My take on it is that if your doctor says it is safe for you to take, then it certainly won’t hurt to try taking these supplements for a few months to assess for yourself and see if you notice any difference in your knee pain.
Platelet-rich plasma (PRP), prolotherapy, and stem cell injections are all other types of injection options that you may hear about. I’m not going to cover them in this article as the medical research is still very much so mixed on the efficacy of each in regards to knee arthritis.
Total Knee Joint Replacement
Ultimately, there may come a time when you can no longer effectively manage your knee pain through a combination of oral medications, exercises, and injections. It is quite scary for some to think about undergoing total knee joint replacement surgery. The surgery should definitely be considered an invasive procedure. There will be a long incision made in order to open the joint up enough to remove and replace the end of the long bones in the knee.
However, this surgery overall has excellent outcomes when performed by a qualified orthopedic surgeon. As long as these patients commit to performing the proper total knee joint replacement exercises after surgery, there should be no reason why they cannot return to full function within 3-4 months after surgery.

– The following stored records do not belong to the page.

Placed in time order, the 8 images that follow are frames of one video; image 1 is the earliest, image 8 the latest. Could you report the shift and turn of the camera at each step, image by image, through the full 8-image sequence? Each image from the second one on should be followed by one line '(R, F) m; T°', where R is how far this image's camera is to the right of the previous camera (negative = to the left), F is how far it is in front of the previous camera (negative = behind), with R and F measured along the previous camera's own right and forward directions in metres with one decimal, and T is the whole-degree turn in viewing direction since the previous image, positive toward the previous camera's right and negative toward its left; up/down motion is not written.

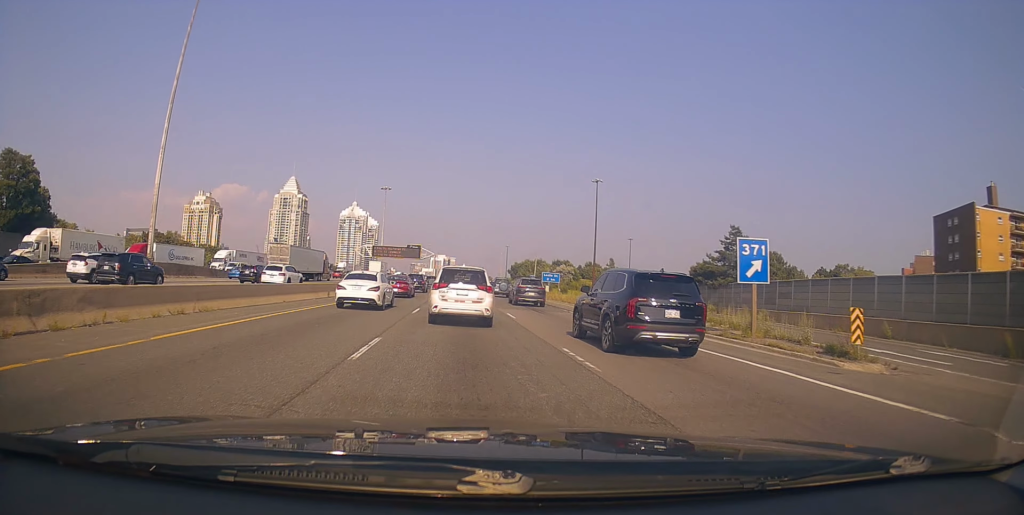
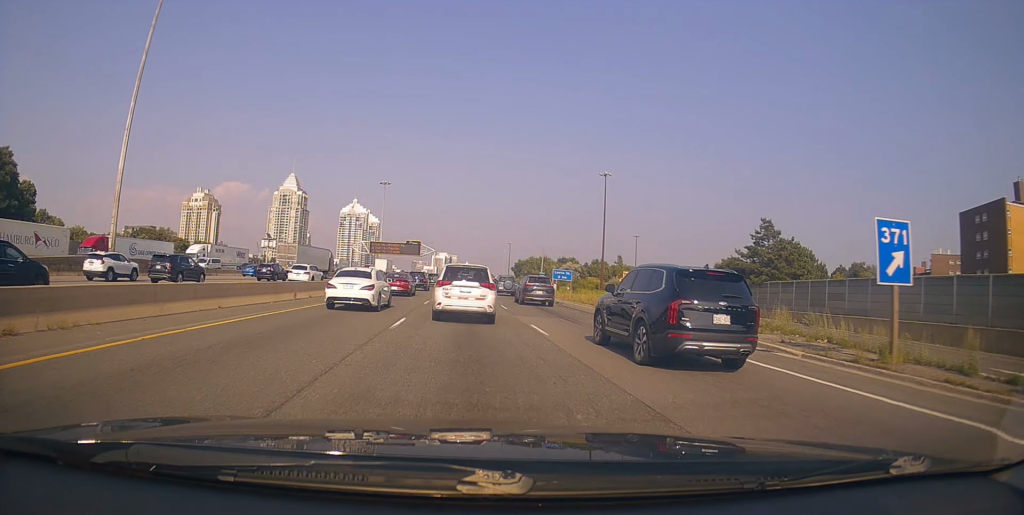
(-0.4, +6.9) m; +1°
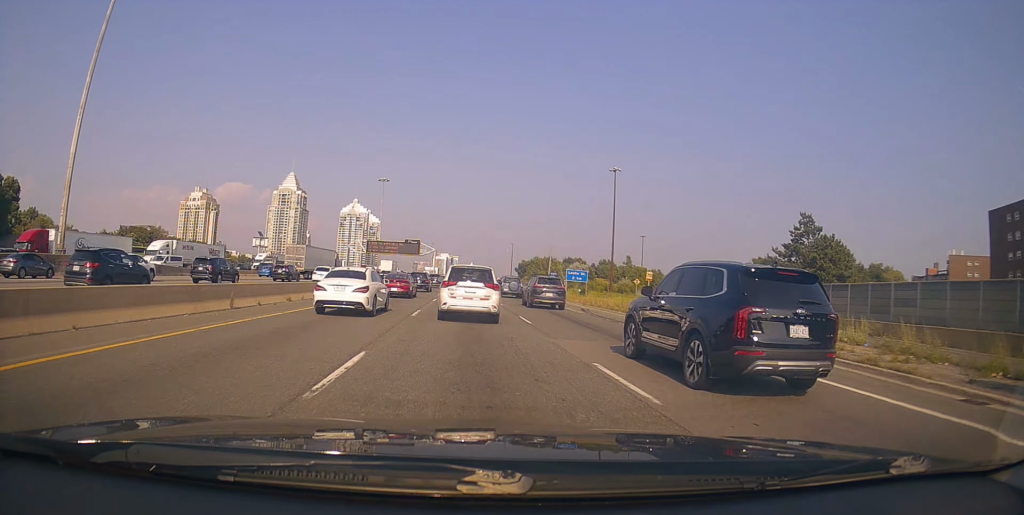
(+0.4, +7.7) m; 0°
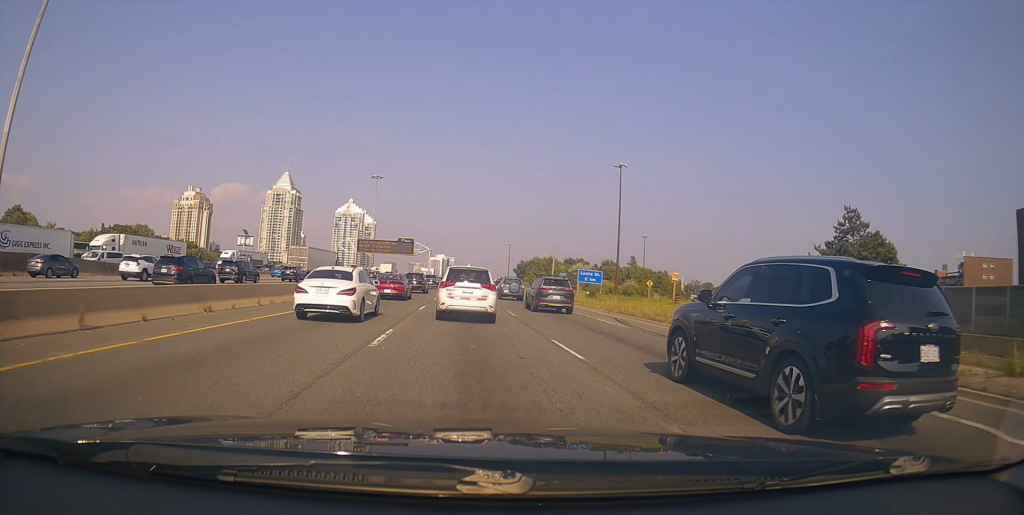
(-0.1, +8.0) m; 0°
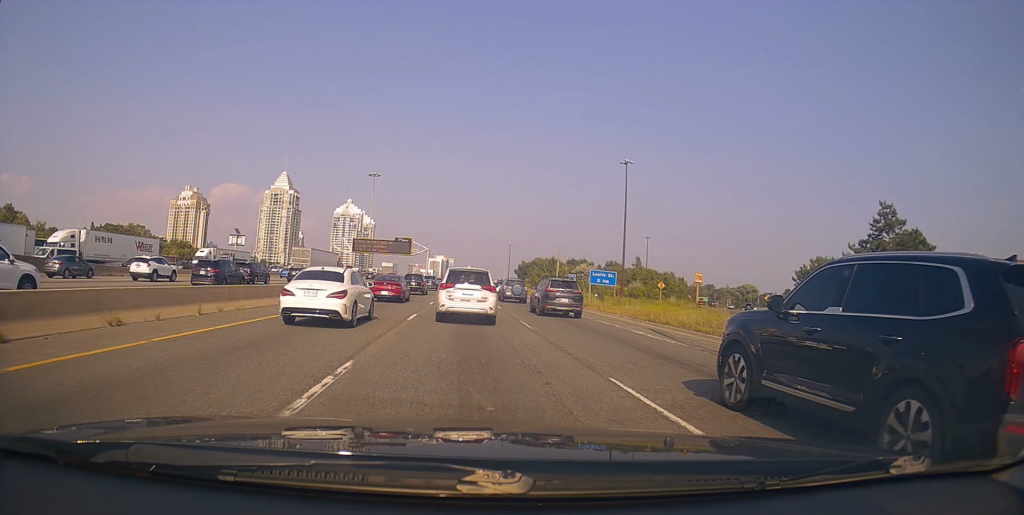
(-0.3, +4.9) m; 0°
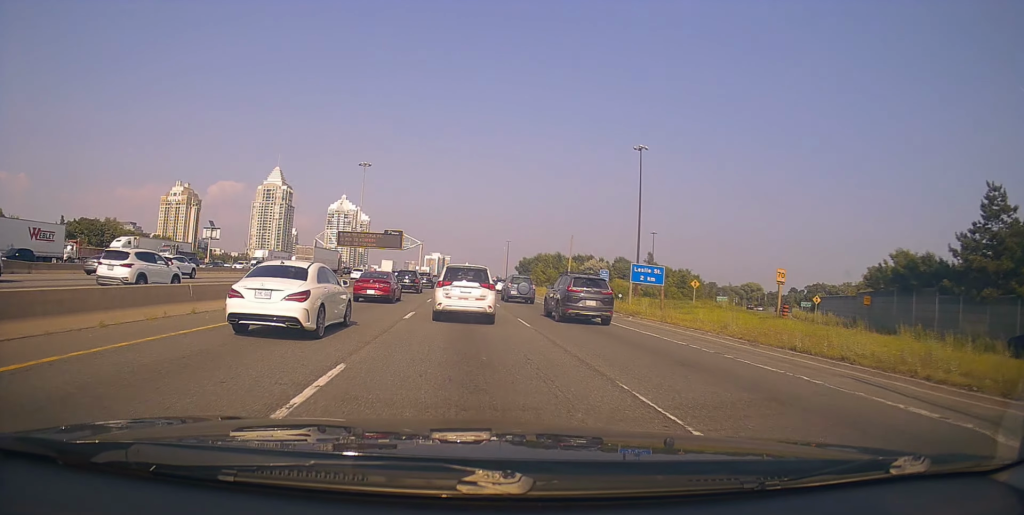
(+0.5, +12.4) m; +1°
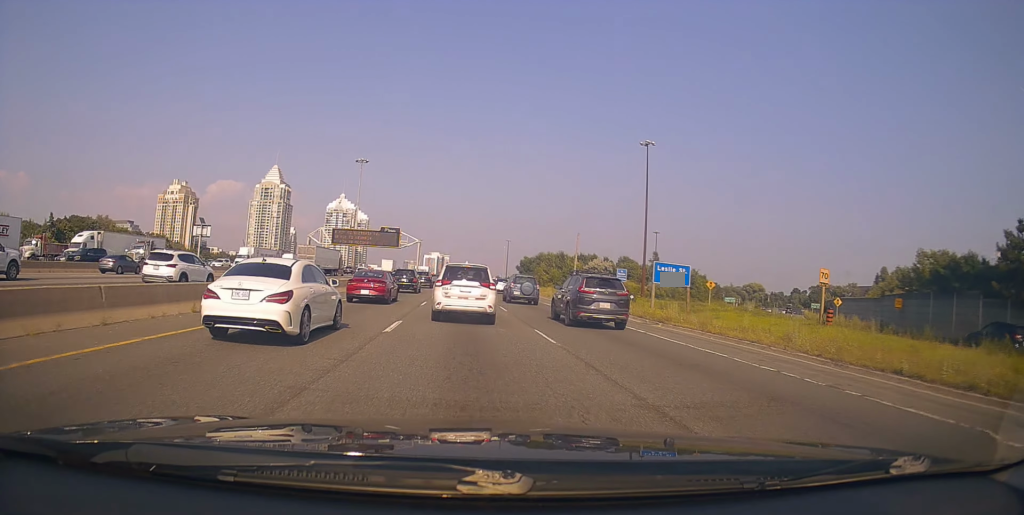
(-0.3, +4.5) m; 0°
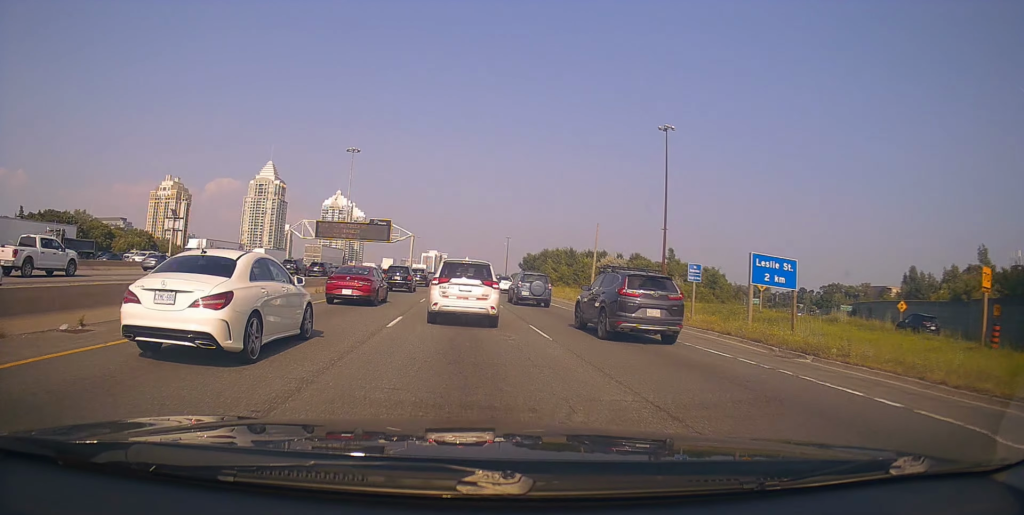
(+0.4, +12.3) m; -1°

What Orthopedic Surgeons Don’t Tell You!
As mentioned before, as a physical therapist with a clinic located within the same building as an orthopedic surgeons group, I treat on average 10 patients with total joint replacements every week. I’ve been doing this for years and I have definitely picked up on some things that orthopedic surgeons conveniently “fail” to tell you before having a joint replacement procedure.
- Losing weight before surgery WILL HELP! There have been some impressive studies that have shown that if you lose even just 10-lbs of weight, your knee joint compressive forces will decrease by 30-lbs per step. Start by eating healthier. Exercise also helps, but calories in vs calories out produce a much larger effect than just exercise alone.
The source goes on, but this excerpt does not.